Half of the Chakmas who were uprooted in the Chengi Valley were from the lower Chengi area and the other half were from the Karnafuli valley below the Chengi mouth. Therefore, it was considered reasonable for 1,351 displaced families to settle 1,594 acres of land in Panchhari and Logang areas. Of these, 2,309 acres of ownerless land were found to be easier for government officials to rehabilitate in the valley, but only 54 families were registered on the enthusiastic list. In this regard, the explanation of the Chakma evacuees was as follows: “There were various forms of torture by the Pakistani police. They had also been discouraged by reports of smuggling in the border areas, constant extortion by border guards, harassment of Jumma women and possible sporadic firing by India and Pakistan.”
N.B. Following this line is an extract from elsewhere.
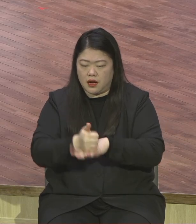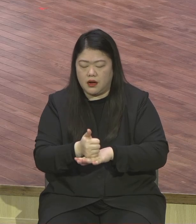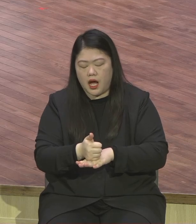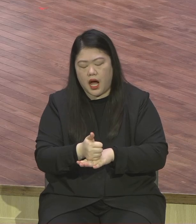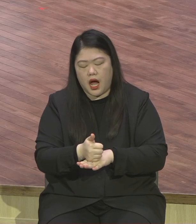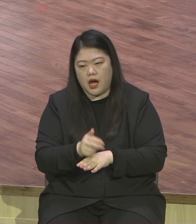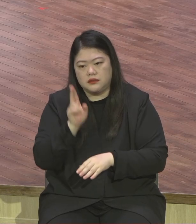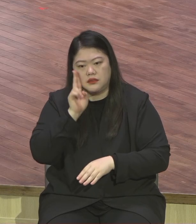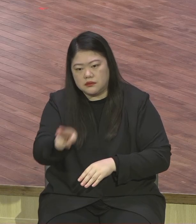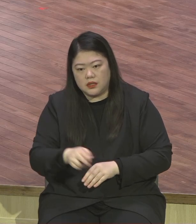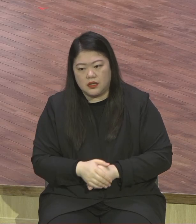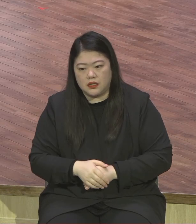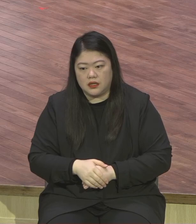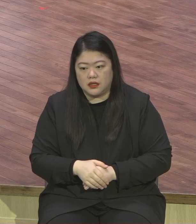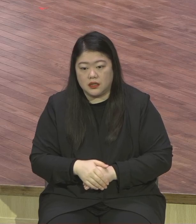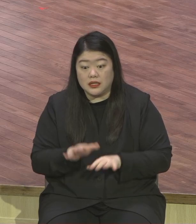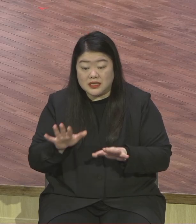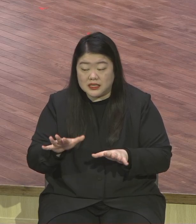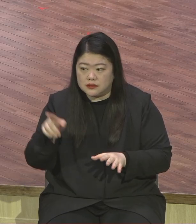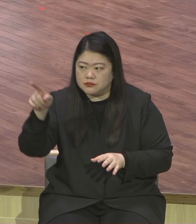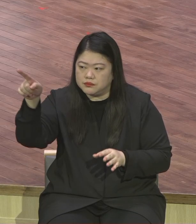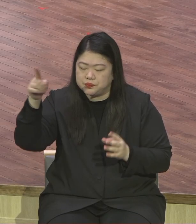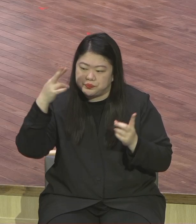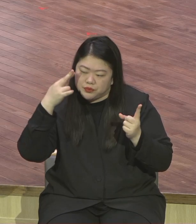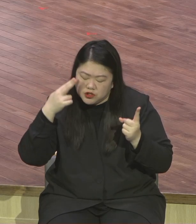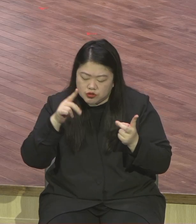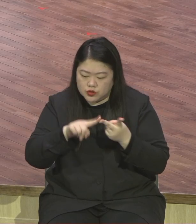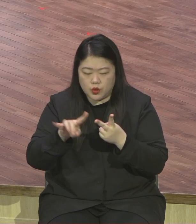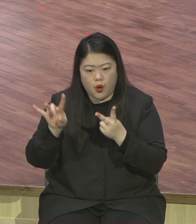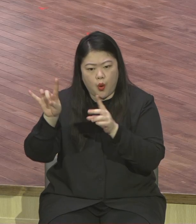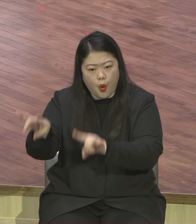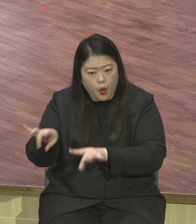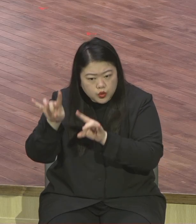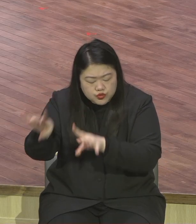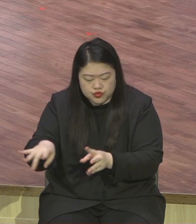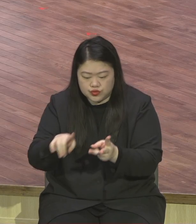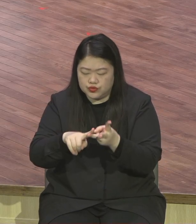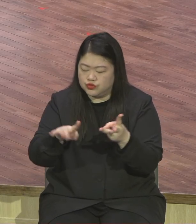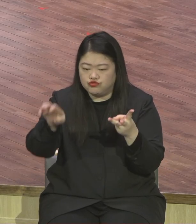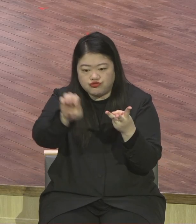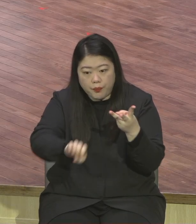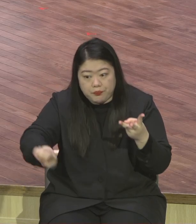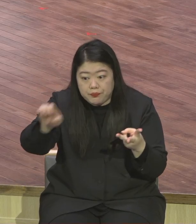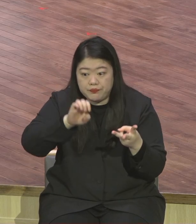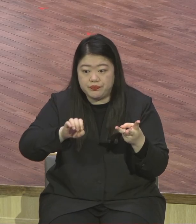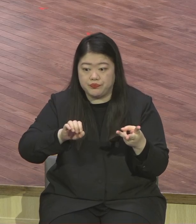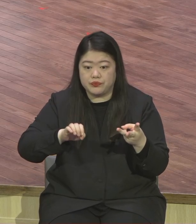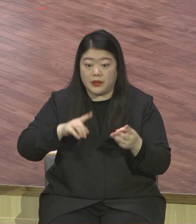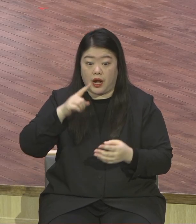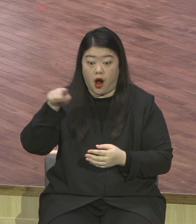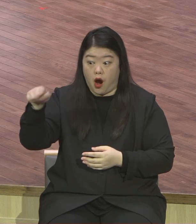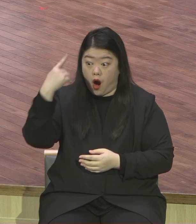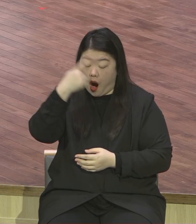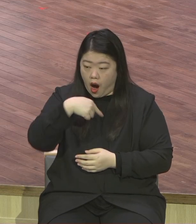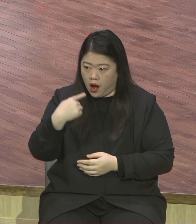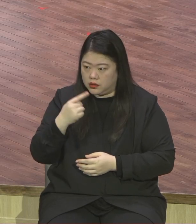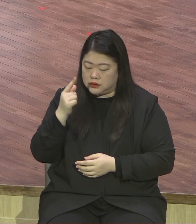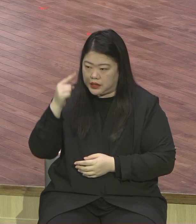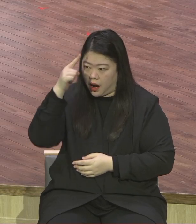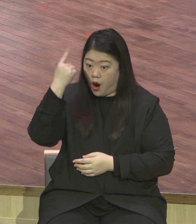전세계가 지금 아시아인에 대해서 그렇게 혐오 범죄가 증가하고 있다라는

Officially, most attention was paid to the rehabilitation area in the Kassalang Valley. Block-based calculations were planned to rehabilitate the evacuees of each affected mouza in each block. On the basis of the theory of giving land instead of land, the calculation of 10 acres of land per family was also kept in mind. Block leaders were also appointed from the Jumma people. However, for those who had been living in the open plain areas of the river valley for so long, the Kassalang reserve could not be suitable at all. It needed 3 days walk from Rangamati to Marishya. And it took more time to go in a small boat. The market like Marishya Bazaar was built up by clearing the jungle. However, it seemed that the Bengalis had been given priority over the Jumma people in the market area as it was thought that the developing settlement by the Jumma people would be easier than that of the Bengalis.
The Kassalang rehabilitation area was also feared to be submerged during the monsoon season when the water level of the lake rises to its highest level. On the other hand, the forest department officials had warned those who were clearing the forest on the slopes of the hills and developing Jum farming that the land would not be given settlement to them. These uplands had been officially allocated for horticulture. Officially there was no explanation/ instruction of how this land would be used. Such uncertainty was pushing the minds of ordinary uneducated Jumma people towards extreme darkness. Due to the lack of seriousness in the huge rehabilitation process of a large number of incompetent government employees and the aggressive presence of many Bengali peasants, the Chakmas were feeling extremely skeptical and helpless.
In the final stage, the Chakmas feared that their future would have to be built/passed under the authority of the Bengalis, and they were partially pushed into such a situation. While the transferring of displaced peoples by boats for rehabilitation to Kassalang was underway, it was alleged that many domesticated pigs belonging Chakma were being opposed to take in their boats by Bengali sailors. So, in these intolerant situations, many Chakmas had removed themselves from being rehabilitated in Kassalang. On the other hand, they were being pressured to finalize their options for resettlement by February 1960. In such a volatile environment, the lack of proper management and guiding for the thousands of Jumma evacuees uprooted by the Kaptai Dam plunged them into extreme crisis.